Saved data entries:
Segment Open
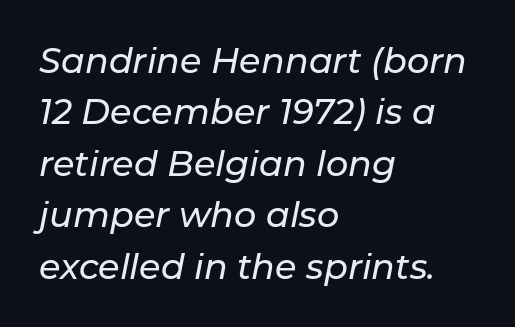
The image shows 35 px text type, italic (leaning right); set left-aligned, normal line spacing (1.47x), normal letter spacing, not underlined; low stroke contrast and a medium x-height.
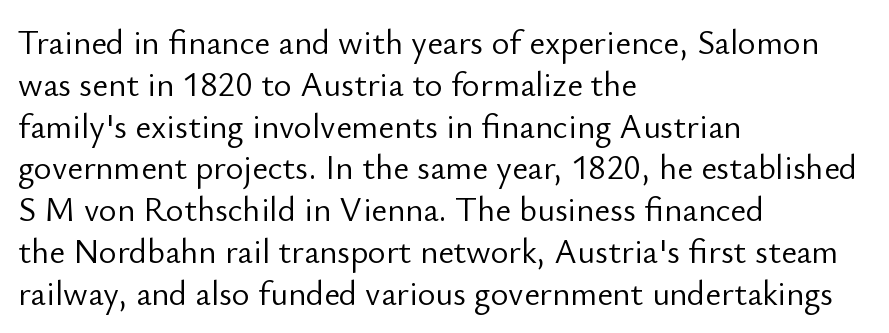
{"serif": "no", "italic": "no", "bold": "no", "weight": "light", "width": "normal", "stroke_contrast": "low", "x_height": "small", "monospaced": "no", "underline": "no", "align": "left", "line_spacing_ratio": 1.23, "letter_spacing": "normal", "letter_spacing_em": 0.0, "glyph_px": 34}
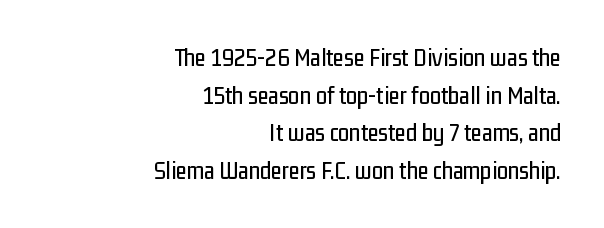
{"italic": "no", "underline": "no", "align": "right", "line_spacing": "normal", "line_spacing_ratio": 1.51, "letter_spacing": "normal", "letter_spacing_em": 0.0, "glyph_px": 25}
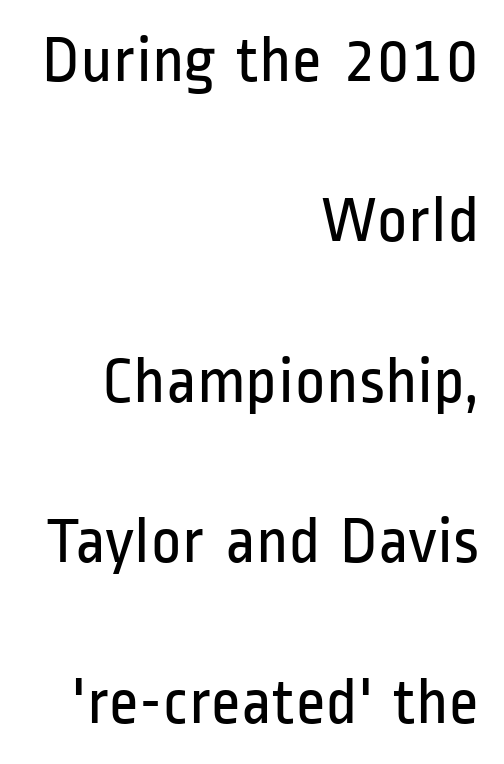
Classification — sans serif. Every character sits straight up, as roman type does. Stroke mass is kept to a normal reading level or below. Underlining? Definitely not there. Note the varied advance widths — an 'i' is clearly narrower than an 'm'.
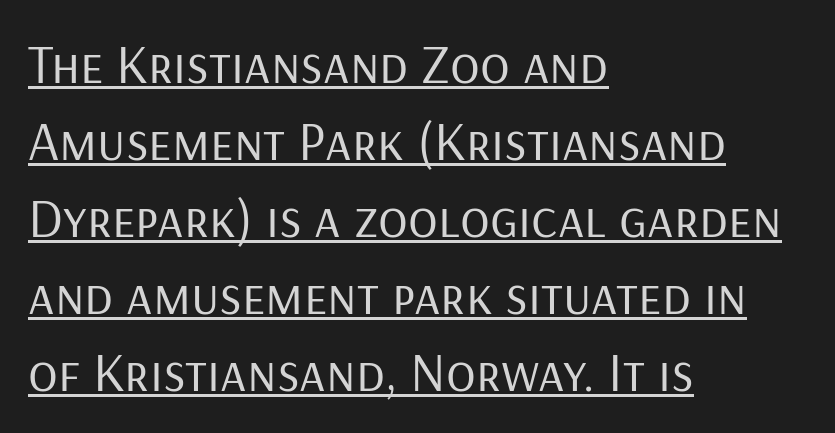
A rule runs beneath these lines of type. The font family rendered here belongs to the sans-serif group. Short and long lines alike share a common starting point at left. This sample has the flowing, uneven cadence of proportional lettering. A typesetter would mark this as roman, not italic. Look at the tracking — it's just the regular setting, nothing added.
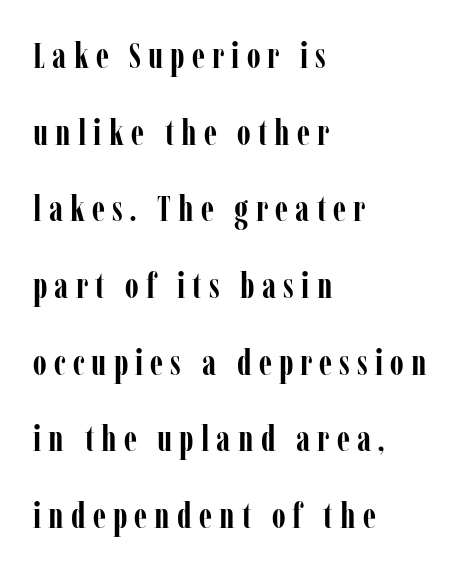
The image shows 36 px semibold, condensed serif type, upright; set left-aligned, loose line spacing (2.13x), unusually wide letter spacing (+0.2 em), not underlined; low stroke contrast and a medium x-height.
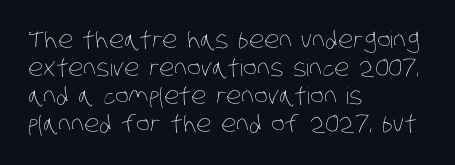
The image shows 23 px text type; set left-aligned, line spacing 1.22x, normal letter spacing, not underlined.
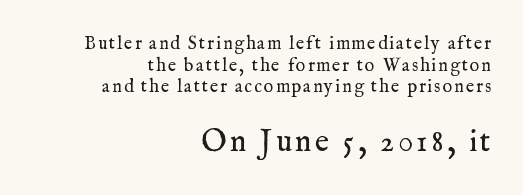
Segment Closed
What is needed is an exact copy of every entry, minus the images.

The image shows 35 px text type, italic (leaning right); set left-aligned, normal line spacing (1.47x), normal letter spacing, not underlined; low stroke contrast and a medium x-height.
{"serif": "no", "italic": "no", "bold": "no", "weight": "light", "width": "normal", "stroke_contrast": "low", "x_height": "small", "monospaced": "no", "underline": "no", "align": "left", "line_spacing_ratio": 1.23, "letter_spacing": "normal", "letter_spacing_em": 0.0, "glyph_px": 34}
{"italic": "no", "underline": "no", "align": "right", "line_spacing": "normal", "line_spacing_ratio": 1.51, "letter_spacing": "normal", "letter_spacing_em": 0.0, "glyph_px": 25}
Classification — sans serif. Every character sits straight up, as roman type does. Stroke mass is kept to a normal reading level or below. Underlining? Definitely not there. Note the varied advance widths — an 'i' is clearly narrower than an 'm'.
A rule runs beneath these lines of type. The font family rendered here belongs to the sans-serif group. Short and long lines alike share a common starting point at left. This sample has the flowing, uneven cadence of proportional lettering. A typesetter would mark this as roman, not italic. Look at the tracking — it's just the regular setting, nothing added.
The image shows 36 px semibold, condensed serif type, upright; set left-aligned, loose line spacing (2.13x), unusually wide letter spacing (+0.2 em), not underlined; low stroke contrast and a medium x-height.
The image shows 23 px text type; set left-aligned, line spacing 1.22x, normal letter spacing, not underlined.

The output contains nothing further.